EXERCISE OBJECTIVE: Repeat verbatim, and only, the lines of the data below, beginning at the line that contains "The image shows 38" and stopping after the line that contains "The image shows 44".

GIVEN RECORDS:
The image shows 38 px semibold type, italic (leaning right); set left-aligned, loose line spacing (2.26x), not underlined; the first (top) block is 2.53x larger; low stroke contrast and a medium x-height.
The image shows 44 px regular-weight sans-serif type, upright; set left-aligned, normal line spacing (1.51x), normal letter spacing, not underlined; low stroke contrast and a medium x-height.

==

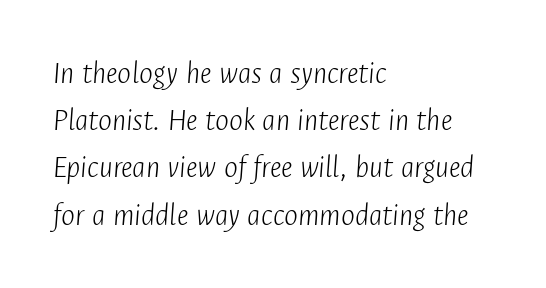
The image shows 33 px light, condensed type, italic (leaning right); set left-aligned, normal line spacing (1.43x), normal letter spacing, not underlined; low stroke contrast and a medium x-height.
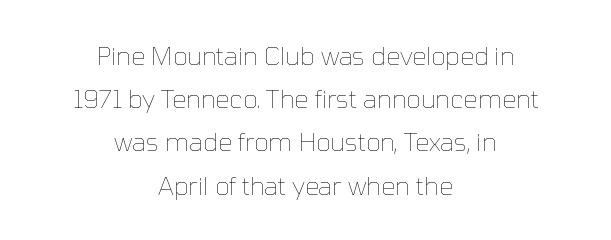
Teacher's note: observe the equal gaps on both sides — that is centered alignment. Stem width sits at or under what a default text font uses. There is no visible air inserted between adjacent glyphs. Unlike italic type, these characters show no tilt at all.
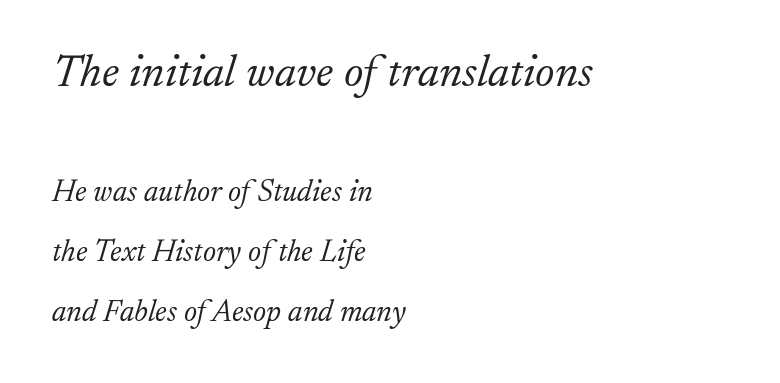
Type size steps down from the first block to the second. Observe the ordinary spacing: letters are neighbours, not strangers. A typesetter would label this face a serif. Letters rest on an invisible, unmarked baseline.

OUTPUT OF THE TASK:
The image shows 38 px semibold type, italic (leaning right); set left-aligned, loose line spacing (2.26x), not underlined; the first (top) block is 2.53x larger; low stroke contrast and a medium x-height.
The image shows 44 px regular-weight sans-serif type, upright; set left-aligned, normal line spacing (1.51x), normal letter spacing, not underlined; low stroke contrast and a medium x-height.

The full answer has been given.